Exercise directions: The expected response is a copy of every line in the entries below that includes the word "data".

Record excerpts:
*** Begin section ***

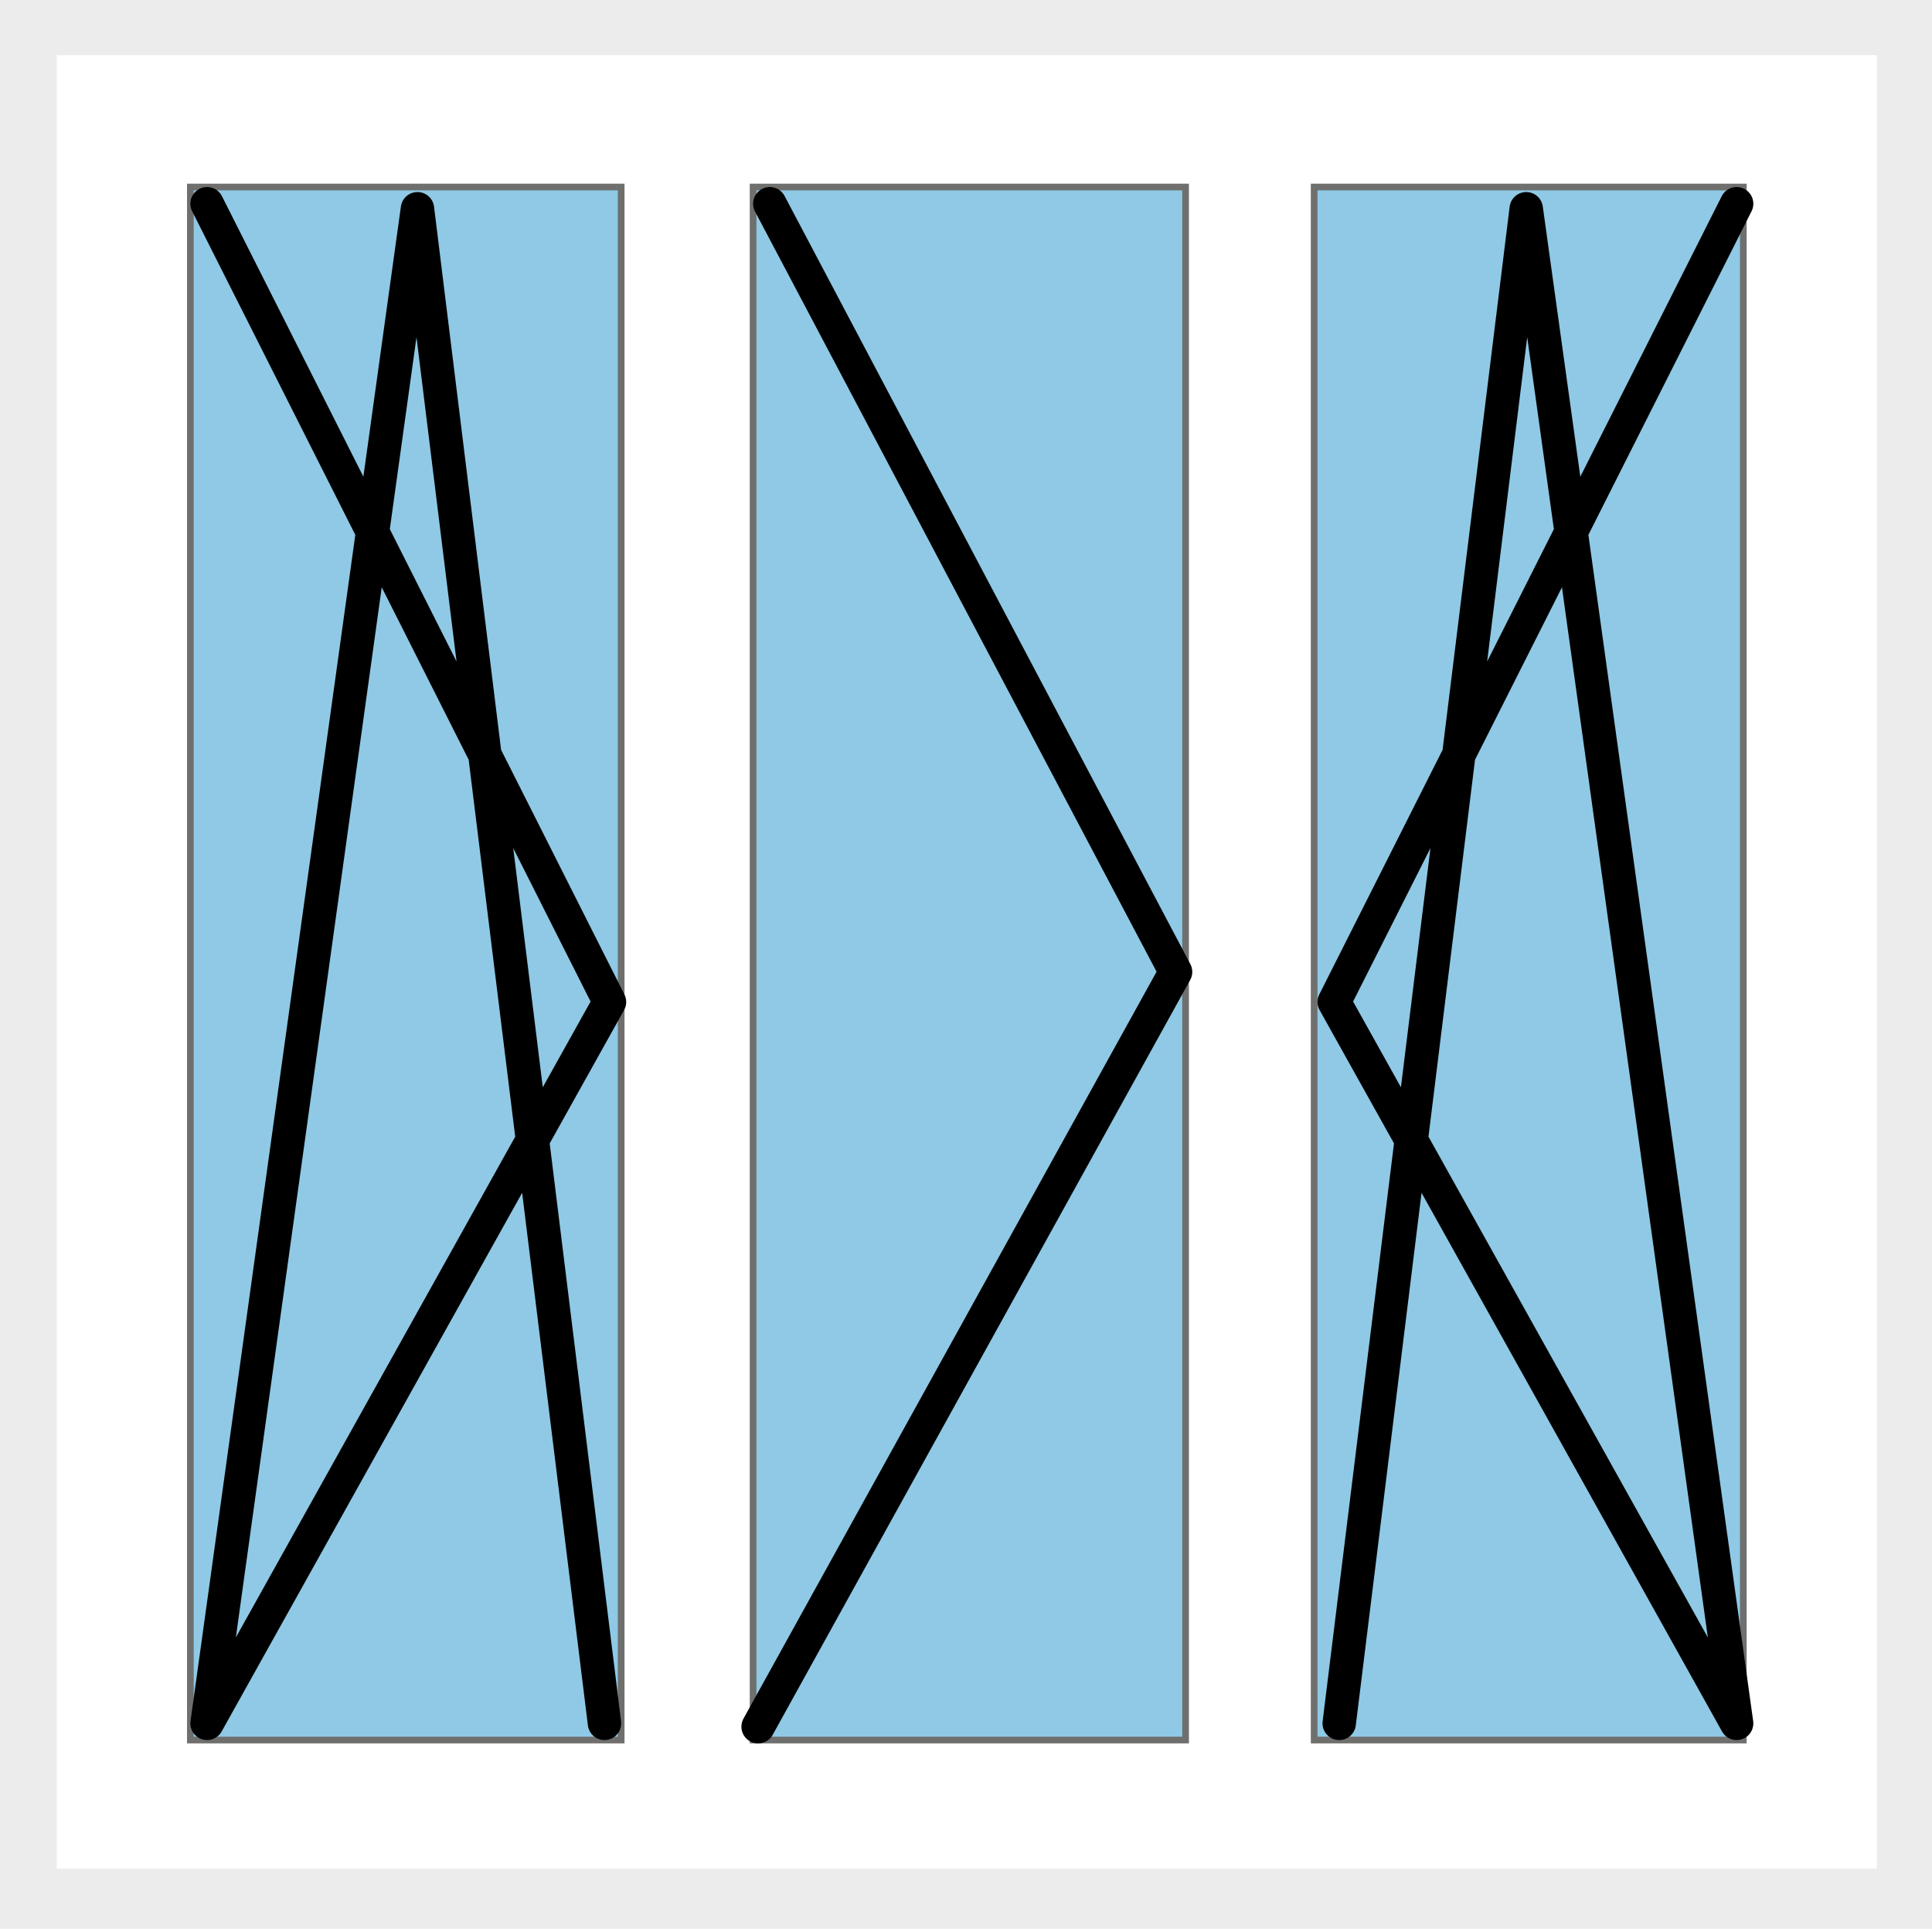 <?xml version="1.0" encoding="utf-8"?>
<svg xmlns="http://www.w3.org/2000/svg" data-name="Ebene 2" id="Ebene_2" viewBox="0 0 115.7 115.5">
  <defs>
    <style>
      .cls-1 {
        stroke: #000;
        stroke-linecap: round;
        stroke-linejoin: round;
        stroke-width: 2px;
      }

      .cls-1, .cls-2 {
        fill: #8fc9e5;
      }

      .cls-3 {
        fill: #fff;
        stroke: #ececec;
      }

      .cls-3, .cls-2 {
        stroke-miterlimit: 10;
      }

      .cls-2 {
        stroke: #6f6f6e;
        stroke-width: .4px;
      }

      .cls-4 {
        fill: #ececec;
        stroke-width: 0px;
      }
    </style>
  </defs>
  <g data-name="Ebene 1" id="Ebene_1-2">
    <g>
      <g data-name="Ebene 2" id="Ebene_2-2">
        <rect class="cls-4" height="115.5" width="115.7"/>
        <rect class="cls-3" height="109.6" width="110" x="2.9" y="2.8"/>
      </g>
      <g data-name="Ebene 3" id="Ebene_3">
        <rect class="cls-2" height="93" width="25.8" x="11.4" y="11.2"/>
        <g>
          <rect class="cls-2" height="93" width="25.9" x="45.1" y="11.2"/>
          <rect class="cls-2" height="93" width="25.7" x="78.7" y="11.2"/>
        </g>
        <polyline class="cls-1" points="12.4 12.2 36.5 60 12.4 103.2 25 12.5 36.2 103.2"/>
        <polyline class="cls-1" points="104 12.2 79.9 60 104 103.2 91.4 12.5 80.2 103.2"/>
        <polyline class="cls-1" points="46.1 12.2 70.4 58.2 45.4 103.4"/>
      </g>
    </g>
  </g>
</svg>
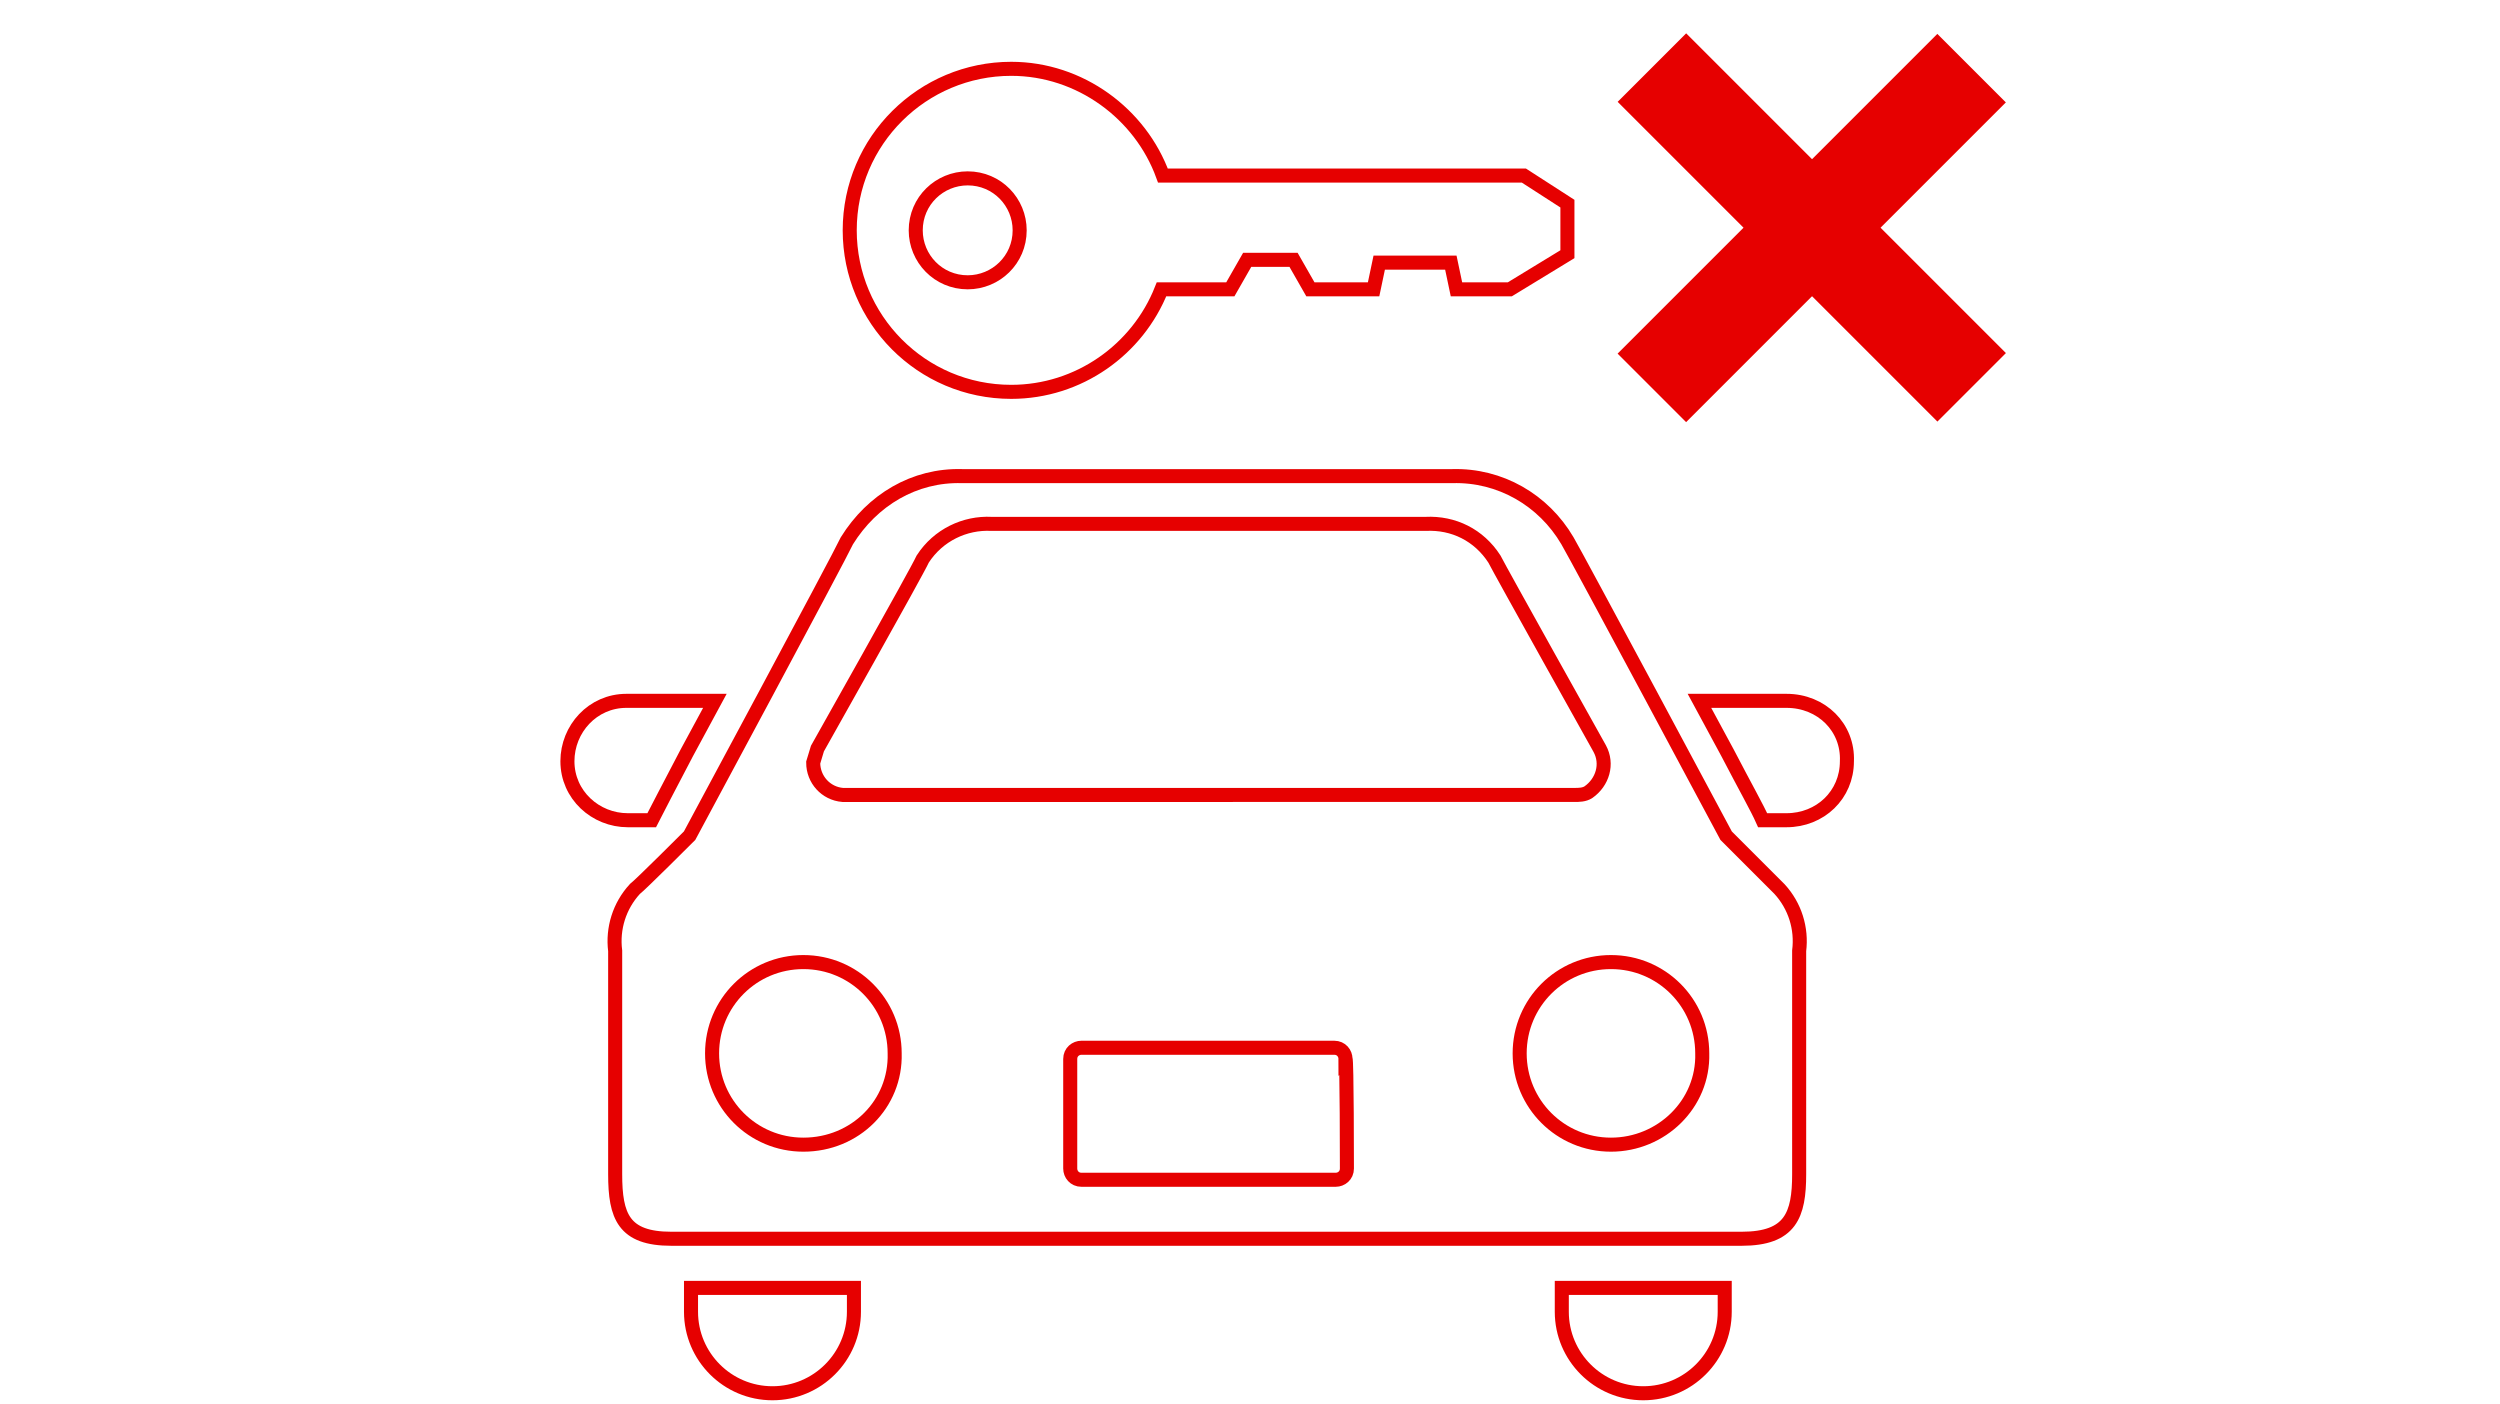 <?xml version="1.0" encoding="utf-8"?>
<!-- Generator: Adobe Illustrator 27.0.0, SVG Export Plug-In . SVG Version: 6.00 Build 0)  -->
<svg version="1.1" id="Layer_1" xmlns="http://www.w3.org/2000/svg" xmlns:xlink="http://www.w3.org/1999/xlink" x="0px" y="0px"
	 viewBox="0 0 178 100" style="enable-background:new 0 0 178 100;" xml:space="preserve">
<style type="text/css">
	.st0{fill:none;stroke:#E60000;stroke-miterlimit:10;}
	.st1{fill:#E60000;}
</style>
<g id="Group_13658">
	<g id="icon_car">
		<g id="グループ_13211">
			<path id="パス_5712" class="st0" d="M127.2,49.9H121l2,3.7c1.3,2.5,2.1,3.9,2.5,4.8h1.7c2.4,0,4.3-1.8,4.3-4.2
				C131.6,51.8,129.7,49.9,127.2,49.9L127.2,49.9z"/>
			<path id="パス_5712-2" class="st0" d="M44.6,49.9c-2.4,0-4.2,2-4.2,4.3c0,2.4,2,4.2,4.3,4.2h1.7c0.4-0.8,1.2-2.3,2.5-4.8l2-3.7
				H44.6L44.6,49.9z"/>
			<path id="パス_5713" class="st0" d="M49.2,93.4c0,3.2,2.6,5.8,5.8,5.8c3.2,0,5.8-2.6,5.8-5.8v-1.7H49.2V93.4z"/>
			<path id="パス_5714" class="st0" d="M111.2,93.4c0,3.2,2.6,5.8,5.8,5.8c3.2,0,5.8-2.6,5.8-5.8v-1.7h-11.6L111.2,93.4
				L111.2,93.4z"/>
			<path id="パス_5715" class="st0" d="M122.9,59.5c0,0-10.7-20-11.3-21c-1.7-2.9-4.8-4.7-8.2-4.6H68.5c-3.4-0.1-6.4,1.7-8.2,4.6
				c-0.5,1.1-11.2,21-11.2,21s-3.5,3.5-3.9,3.8c-1.1,1.2-1.6,2.8-1.4,4.4v15.9c0,3,0.6,4.6,4,4.6H124c3.5,0,4.1-1.7,4.1-4.6V67.7
				c0.2-1.6-0.3-3.2-1.4-4.4C126.5,63.1,122.9,59.5,122.9,59.5z M58.2,53.3c0,0,7.1-12.6,7.5-13.5c1.1-1.7,3-2.6,4.9-2.5h30.9
				c2-0.1,3.8,0.8,4.9,2.5c0.4,0.8,7.5,13.5,7.5,13.5c0.6,1.1,0.2,2.4-0.8,3.1l0,0c-0.3,0.2-0.7,0.2-1,0.2H60
				c-1.2-0.1-2.1-1.1-2.1-2.3l0,0C58,54,58.1,53.6,58.2,53.3z M57.2,81.5c-3.6,0-6.5-2.9-6.5-6.5c0-3.6,2.9-6.5,6.5-6.5
				c3.6,0,6.5,2.9,6.5,6.5C63.8,78.6,60.9,81.5,57.2,81.5z M95.9,83.2c0,0.5-0.4,0.8-0.8,0.8l0,0H77c-0.5,0-0.8-0.4-0.8-0.8v-7.8
				c0-0.5,0.4-0.8,0.8-0.8l0,0H95c0.5,0,0.8,0.4,0.8,0.8l0,0C95.9,75.3,95.9,83.2,95.9,83.2z M114.7,81.5c-3.6,0-6.5-2.9-6.5-6.5
				c0-3.6,2.9-6.5,6.5-6.5s6.5,2.9,6.5,6.5C121.3,78.6,118.3,81.5,114.7,81.5z"/>
		</g>
	</g>
</g>
<g>
	<path class="st0" d="M68.9,12.7c-2,0-3.7,1.6-3.7,3.7c0,2,1.6,3.7,3.7,3.7c2,0,3.7-1.6,3.7-3.7C72.6,14.4,71,12.7,68.9,12.7z"/>
	<path class="st0" d="M108.5,12.5l-25.7,0C81.2,8.1,76.9,4.9,72,4.9c-6.3,0-11.5,5.1-11.5,11.5c0,6.3,5.1,11.5,11.5,11.5
		c4.8,0,9-3,10.7-7.3l4.9,0l1.2-2.1l3.3,0l1.2,2.1l4.5,0l0.4-1.9l5.1,0l0.4,1.9l3.8,0l4.1-2.5l0-3.6L108.5,12.5z"/>
</g>
<rect x="125.6" y="0.1" transform="matrix(0.707 -0.707 0.707 0.707 26.307 95.98)" class="st1" width="6.9" height="32.2"/>
<rect x="112.9" y="12.8" transform="matrix(0.707 -0.707 0.707 0.707 26.303 95.949)" class="st1" width="32.2" height="6.9"/>
</svg>

*** End section ***

Exercise answer:
<svg xmlns="http://www.w3.org/2000/svg" data-name="Ebene 2" id="Ebene_2" viewBox="0 0 115.7 115.5">
  <g data-name="Ebene 1" id="Ebene_1-2">
      <g data-name="Ebene 2" id="Ebene_2-2">
      <g data-name="Ebene 3" id="Ebene_3">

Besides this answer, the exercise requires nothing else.